- _WHAT NEEDS TO BE DONE_
Pull every line that includes the word "down" from the data.

[Stored entries]
· · · ·

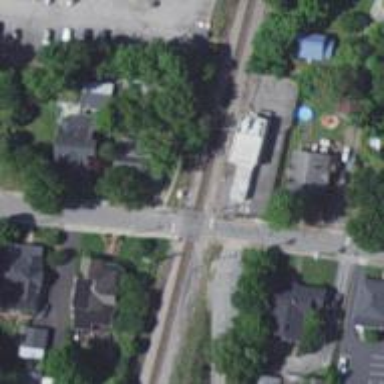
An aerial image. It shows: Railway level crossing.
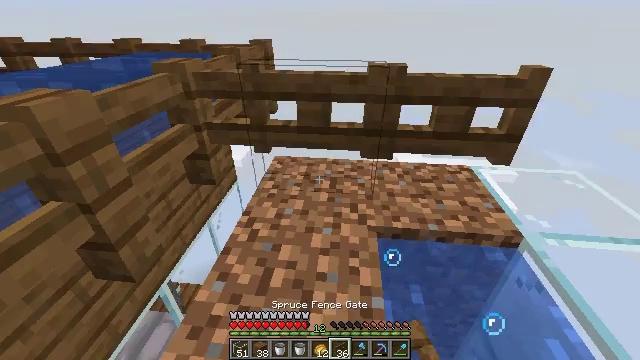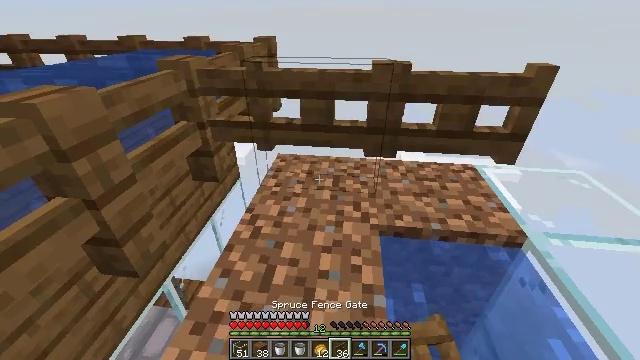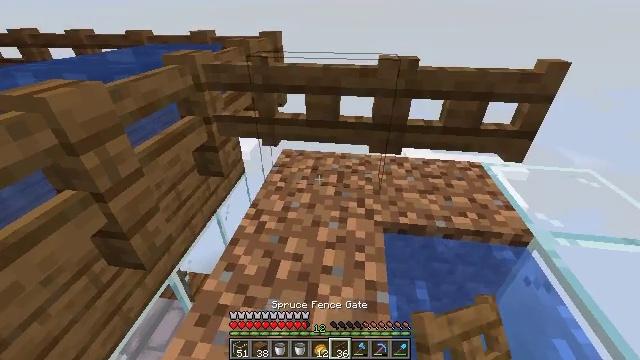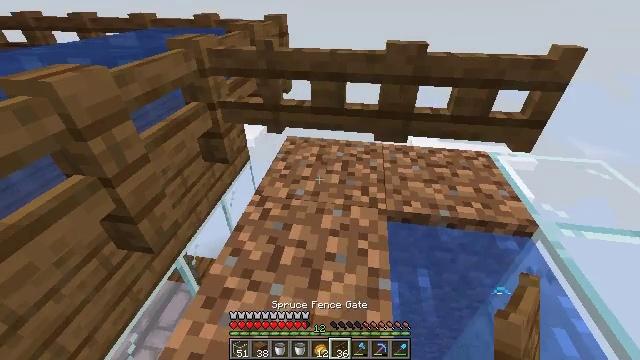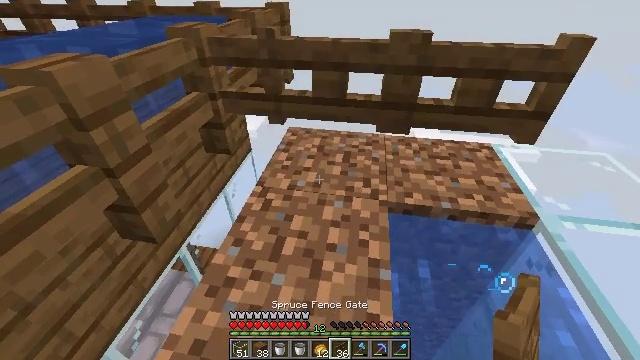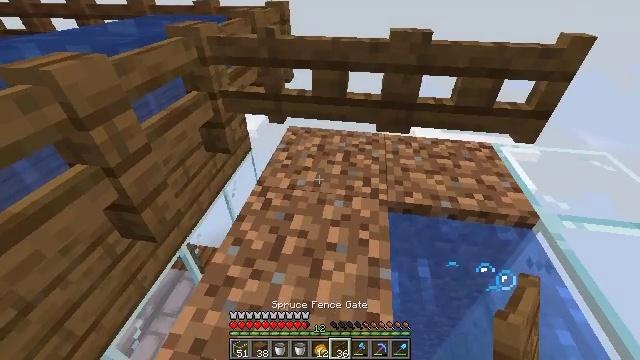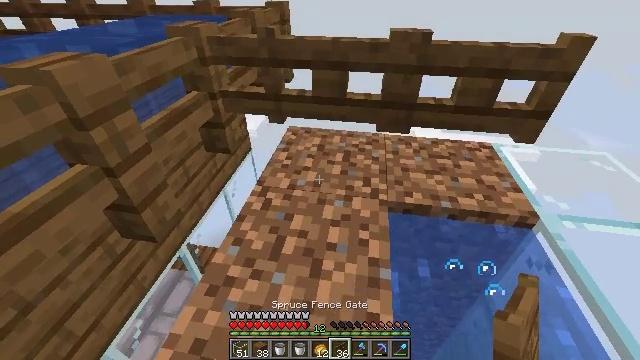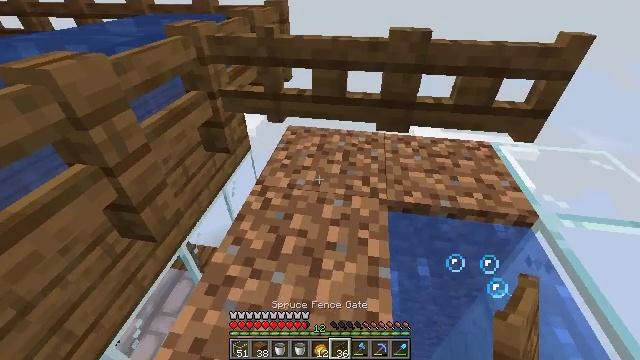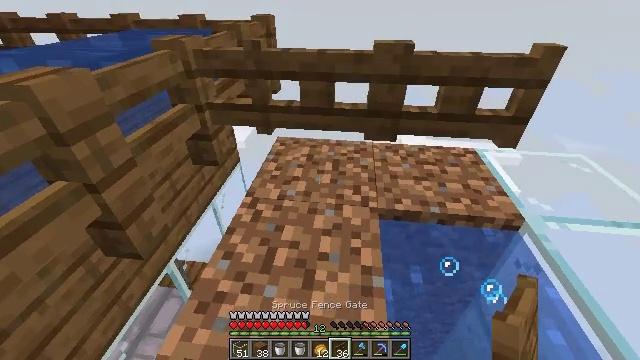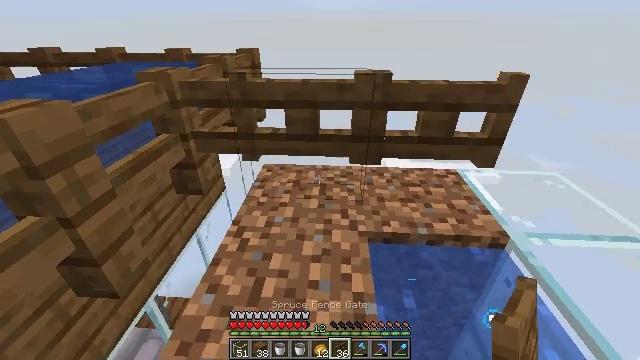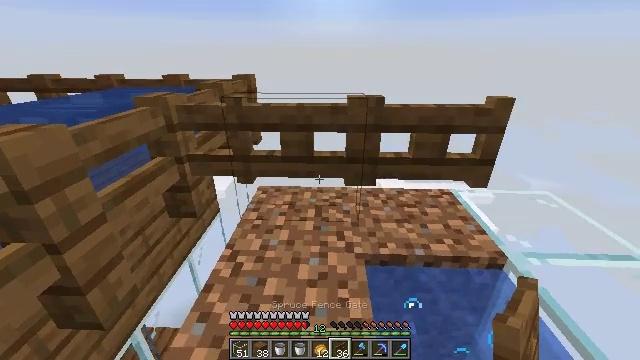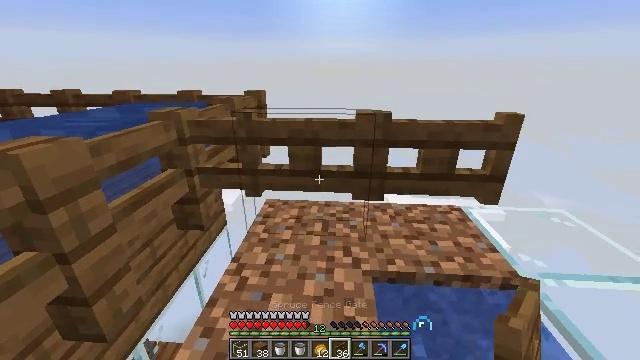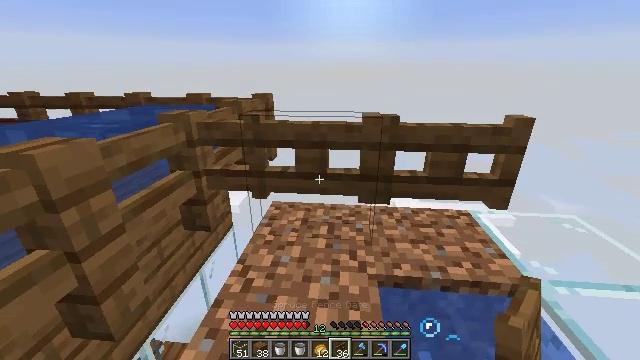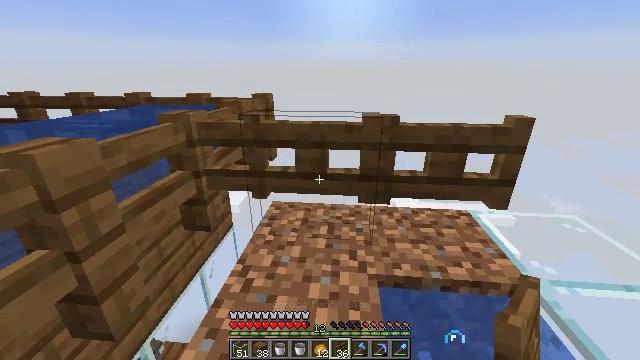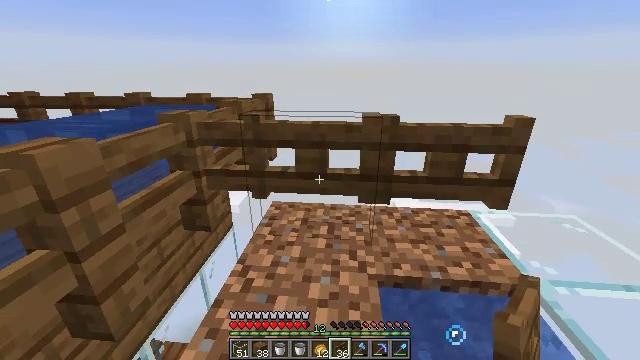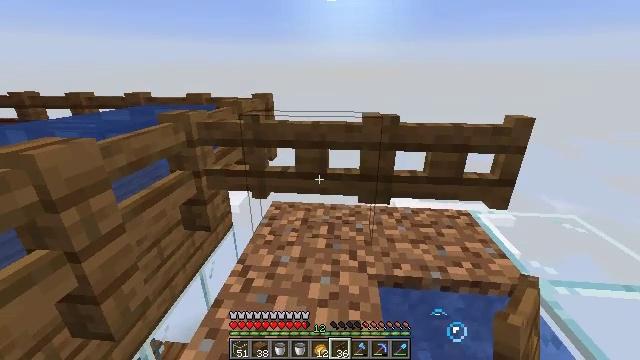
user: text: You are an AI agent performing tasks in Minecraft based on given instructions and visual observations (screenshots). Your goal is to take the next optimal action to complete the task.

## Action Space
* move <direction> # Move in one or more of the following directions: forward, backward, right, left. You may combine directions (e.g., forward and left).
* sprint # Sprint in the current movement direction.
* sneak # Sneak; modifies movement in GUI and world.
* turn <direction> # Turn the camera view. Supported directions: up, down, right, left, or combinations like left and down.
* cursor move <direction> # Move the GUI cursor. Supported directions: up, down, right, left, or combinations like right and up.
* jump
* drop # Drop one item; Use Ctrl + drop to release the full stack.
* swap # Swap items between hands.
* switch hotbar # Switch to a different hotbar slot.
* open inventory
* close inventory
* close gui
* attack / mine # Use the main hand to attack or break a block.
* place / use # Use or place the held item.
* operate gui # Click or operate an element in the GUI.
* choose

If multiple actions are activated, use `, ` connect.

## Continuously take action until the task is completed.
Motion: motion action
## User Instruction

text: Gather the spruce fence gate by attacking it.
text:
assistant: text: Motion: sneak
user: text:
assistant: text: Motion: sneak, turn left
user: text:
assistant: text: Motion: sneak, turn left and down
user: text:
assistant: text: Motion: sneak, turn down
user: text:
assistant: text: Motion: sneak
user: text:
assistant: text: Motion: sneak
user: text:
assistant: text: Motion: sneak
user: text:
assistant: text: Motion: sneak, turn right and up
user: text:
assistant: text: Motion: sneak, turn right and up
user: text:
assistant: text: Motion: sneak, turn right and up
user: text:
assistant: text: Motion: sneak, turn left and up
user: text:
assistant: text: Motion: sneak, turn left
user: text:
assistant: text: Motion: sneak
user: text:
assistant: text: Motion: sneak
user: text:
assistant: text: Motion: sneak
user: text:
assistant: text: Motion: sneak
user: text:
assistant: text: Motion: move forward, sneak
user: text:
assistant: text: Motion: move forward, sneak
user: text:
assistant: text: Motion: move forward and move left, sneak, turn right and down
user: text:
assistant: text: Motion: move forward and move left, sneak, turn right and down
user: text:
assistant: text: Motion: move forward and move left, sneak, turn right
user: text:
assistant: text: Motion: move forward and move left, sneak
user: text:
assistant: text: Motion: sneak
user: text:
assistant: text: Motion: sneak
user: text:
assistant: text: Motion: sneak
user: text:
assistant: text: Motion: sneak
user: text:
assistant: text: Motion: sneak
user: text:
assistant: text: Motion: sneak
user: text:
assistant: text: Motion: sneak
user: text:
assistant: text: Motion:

· · · ·

- _RESULT_
* turn <direction> # Turn the camera view. Supported directions: up, down, right, left, or combinations like left and down.
* cursor move <direction> # Move the GUI cursor. Supported directions: up, down, right, left, or combinations like right and up.
assistant: text: Motion: sneak, turn left and down
assistant: text: Motion: sneak, turn down
assistant: text: Motion: move forward and move left, sneak, turn right and down
assistant: text: Motion: move forward and move left, sneak, turn right and down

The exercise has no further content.